State of Wis. Inv. Bd. v. Hurst

Decision Date12 August 1987
Docket Number15531 and 15534,Nos. 15522,s. 15522
PartiesSTATE OF WISCONSIN INVESTMENT BOARD, Plaintiff, Appellee and Cross-Appellant, v. Gene R. HURST; Alice L. Hurst; Roger W. Anderson, Trustee; and O.B. Rekow, Trustee, Defendants, Appellants and Cross-Appellees, Brookings Mall, Incorporated; Calvin Fercho; Brookings Mall, A Partnership; James A. Craig, Trustee in Bankruptcy; and Fred O. Watson Co., Defendants and Cross-Appellees.
CourtSouth Dakota Supreme Court

Stuart L. Tiede of Woods, Fuller, Shultz & Smith, Sioux Falls, for plaintiff, appellee and cross-appellant.

Alan F. Glover of Denholm and Glover, Brookings, for defendants, appellants and cross-appellees.

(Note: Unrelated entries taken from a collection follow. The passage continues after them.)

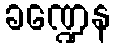
ခဏ္ဍေန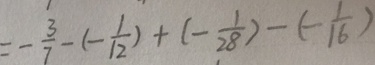
= - \frac { 3 } { 7 } - ( - \frac { 1 } { 1 2 } ) + ( - \frac { 1 } { 2 8 } ) - ( - 1 6 )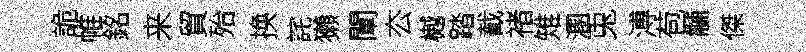
詭帷銘来貿殆换詫獺闡厺樾踏截褚雉溷兎溥苞黼傑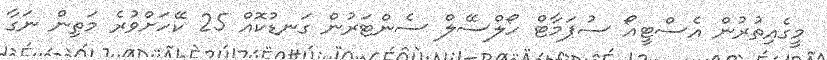
މީގެއިތުރުން އެސްޓީއޯ ސުޕަމާޓް ހޯލްސޭލް ސެންޓަރުން ގަނޑުކޮއް 25 ކޭހަށްވުރެ މަތިން ނަގާ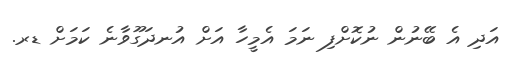
އަދި އެ ބޭނުން ނުކޮށްފި ނަމަ އެމީހާ އަށް އުނދަގޫވާނެ ކަމަށް ޑރ.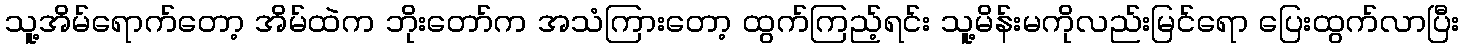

Robert E. Hayes of Davenport, Evans, Hurwitz & Smith, Sioux Falls, for defendants and cross-appellees.

MILLER, Justice.

Gene R. Hurst (Hurst) and Roger W. Anderson (Anderson) (collectively "Owners") owned twenty acres of real estate located in the City of Brookings, South Dakota. Hurst and Anderson were real estate speculators and desired to develop the land for use as a shopping mall. In December 1971, Owners executed a ninety-nine-year lease with Ericson Development Company, Inc. (Ericson) under which Ericson would construct, operate, and maintain a shopping mall on the leased property. The lease contract also provided that Owners would join in any mortgage necessary to finance such a mall.

In April 1974, Ericson assigned, with Owners' approval, its interest as lessee to Brookings Mall, Inc. (Mall). Construction was completed on Mall by early 1975. (Mall was built on Lot 2 of Owners' land which land was platted as containing Lots 1 and 2, of roughly equal size.)

In August 1976, Mall secured a $3,050,000 loan from the State of Wisconsin Investment Board (SWIB). This loan represented the permanent financing for the project and apparently was used to pay off the interim financer. SWIB required that Owners join in execution of the mortgage and security agreement pledging Lot 2, among other things, as security for repayment of the promissory note.

By June 1982, Mall was in default under the terms of the promissory note. That same month, SWIB and Mall entered into a "mortgage note modification agreement," agreeing that the $27,715.37 monthly payments of interest and principal would be reduced to monthly payments of $19,382.04. The parties also agreed that $4,551.25 would be added to the principal amount each month beginning in March 1982 and continuing through September 1984. Under this schedule, the principal balance after the September 1984 payment was $3,013,083.89. Following the February 1982 payment, the principal balance on the note was $2,871,995.14. Owners had no knowledge of the modification agreement or the terms thereof until SWIB commenced foreclosure proceedings in 1984.

In December 1984, SWIB filed its complaint for foreclosure and a motion to enforce the assignment of leases and rents. In January 1985, Mall filed a voluntary petition for bankruptcy. In March 1985, SWIB obtained relief from the automatic stay imposed by the bankruptcy proceedings. The circuit court then granted SWIB's motion to enforce the lease and rents assignment. After a trial on the merits, the circuit court, in July 1986, entered findings of fact and conclusions of law. A judgment and decree of foreclosure in favor of SWIB was filed on August 18, 1986.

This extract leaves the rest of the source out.